Uduak walked slowly along the bush path that was his way home, flanked on both sides by lush, green bush as he pulled the wheelbarrow that carried his battered oil drums with some difficulty. He did not pay attention to the sun’s familiar predicament overhead or to the cries of the early evening crickets all around him. His simple white vest and Ankara-print trousers provided as much insulation as he needed from the cool evening breeze; the air was still saturated with heat from the afternoon reign of the drowning sun. As he approached the village, he semi-consciously slowed his pace, as though retarded by some invisible force.
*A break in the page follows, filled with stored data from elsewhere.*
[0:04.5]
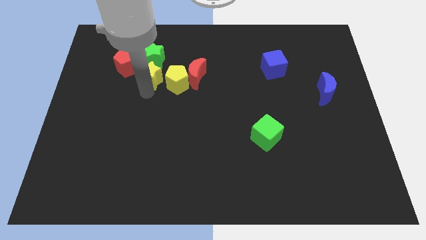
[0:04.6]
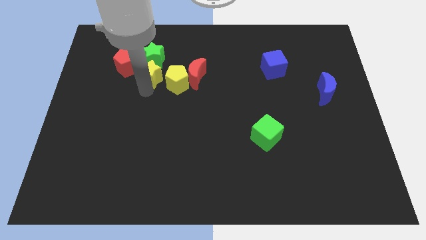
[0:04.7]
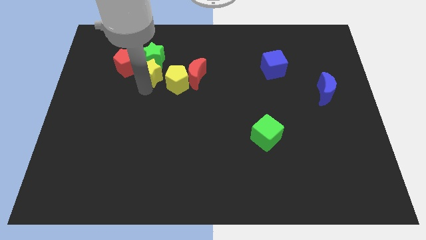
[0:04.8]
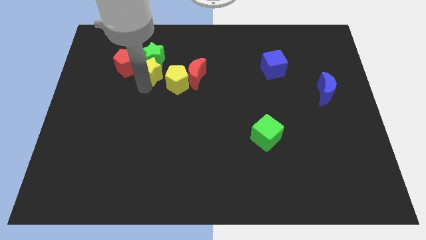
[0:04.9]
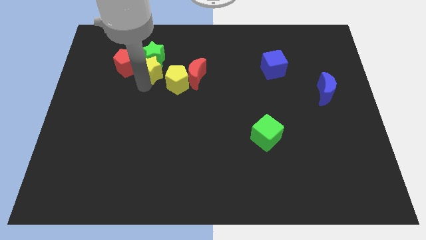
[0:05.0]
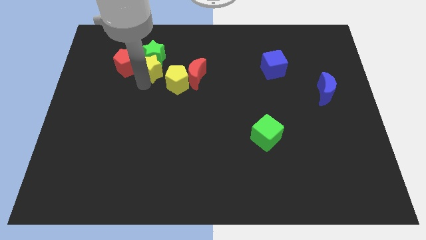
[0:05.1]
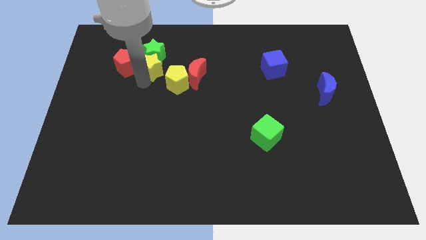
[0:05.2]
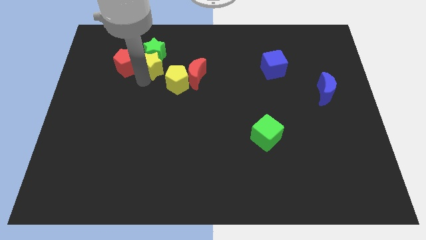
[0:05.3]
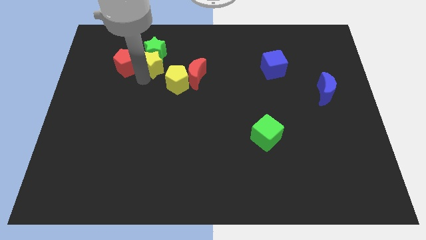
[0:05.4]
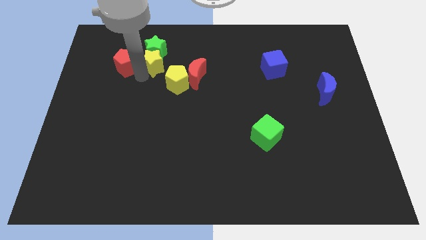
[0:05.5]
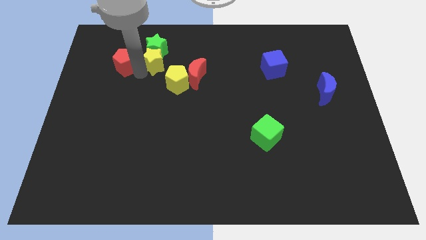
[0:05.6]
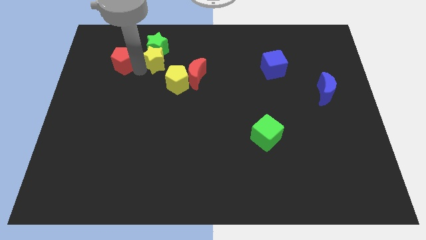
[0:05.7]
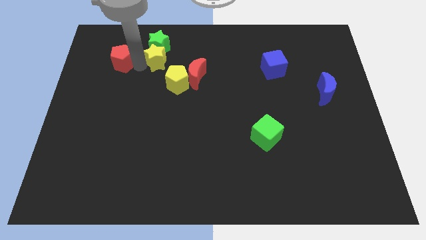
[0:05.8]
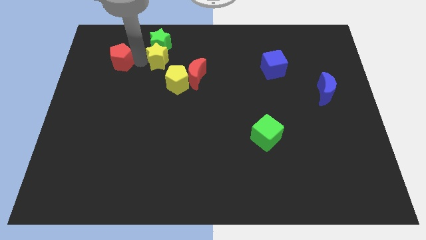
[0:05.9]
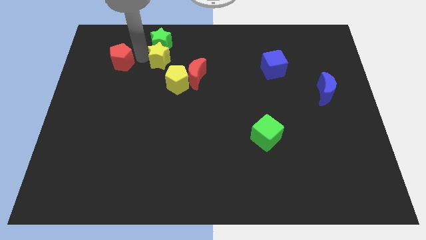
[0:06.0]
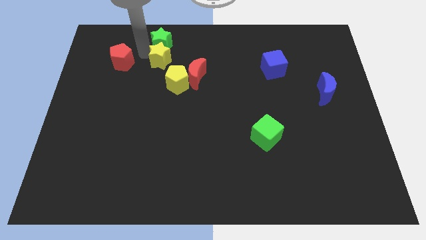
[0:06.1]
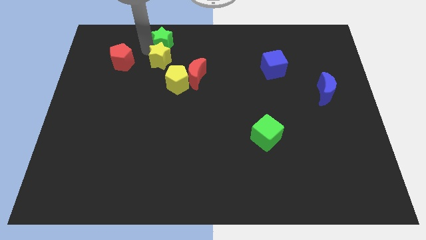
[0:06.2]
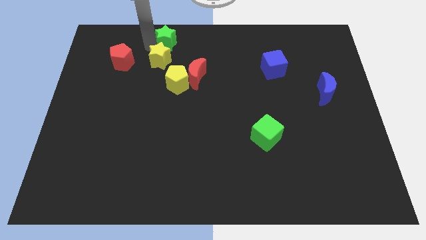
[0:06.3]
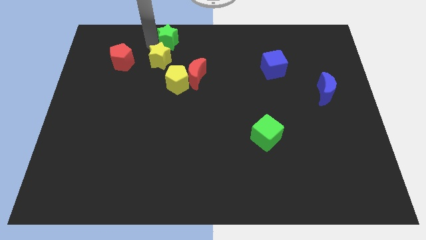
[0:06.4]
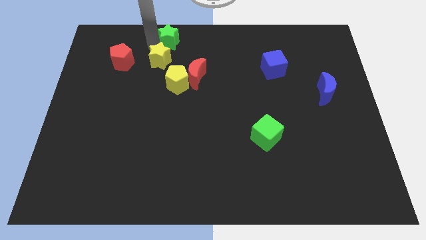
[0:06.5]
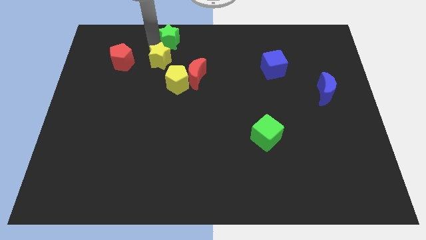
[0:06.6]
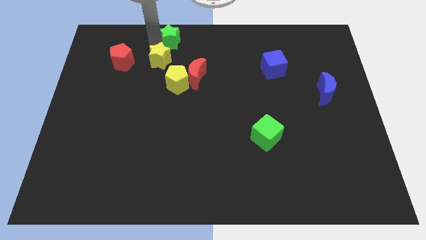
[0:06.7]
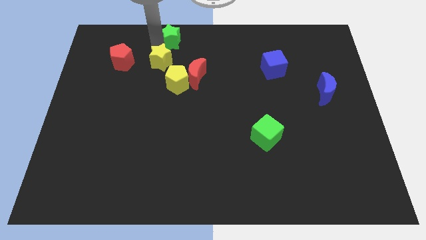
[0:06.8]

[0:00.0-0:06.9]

I’m asymptotically tending towards home, he thought with a small smile that quickly crumbled away leaving the ruins of a depressed frown on his face. Words are potentially pernicious things, even the seemingly benign ones. This word, ‘asymptotically’ had triggered a flood of bitter memories; memories of the days when he had been at the top of his class in Mathematics. Physics and chemistry as well. Those days were now far behind him and remembering only brought him pain. Memories of earlier success tend to leave an unsavoury aftertaste in the wake of dreams that had never been and would never be; the vile, bitter draught of unfulfilled potential.

Uduak dry-swallowed and shook his head as he forced his mind away from bitterness and allowed it examine the reason for his slowing approach to home where his wife and daughter awaited him. Affiong – his brother-in-law – was coming home today. He was probably already there by now and in all likelihood, had the entire village gathered around, their jaws descended in amazement at whatever new tale he would have chosen to regale them with this time. Affiong always told great stories, even if they were, as Uduak suspected, embellished generously. Uduak still remembered fragments of Affiong’s lavish anecdotes from the days he yet had the patience to endure them. Stories set in Accra and Lagos where day light was but a minor illumination compared to the dazzling lightshows of the night. Tales of beautiful streets and buildings decorated with light. Light from Kawashida power cells.

Uduak cursed that name – Kawashida. He spat as it wrangled its way into his consciousness.The cells were invented by Dr. Dai Kawashida of the ShinChi Technology Company in Tokyo towards the end of 2019 – everyone knew that, including Uduak. What only a few people knew was that the cells were biological.

By splicing the genes of electric eels with those of genetically modified bacteria and infusing the hybrid with a cocktail of high cell density, enhanced reproduction genes, Dai Kawashida had created a living, breathing, carbon dioxide-consuming, seemingly endless supply of electrical energy for the planet. Clean, organic, easy to obtain, feed and grow, Kawashida cell technology quickly made its way around the developed world shrouded in secrecy and defended by a slew of ShinChi Tech Co. lawyers and the latent but obvious military backing of the Japanese government.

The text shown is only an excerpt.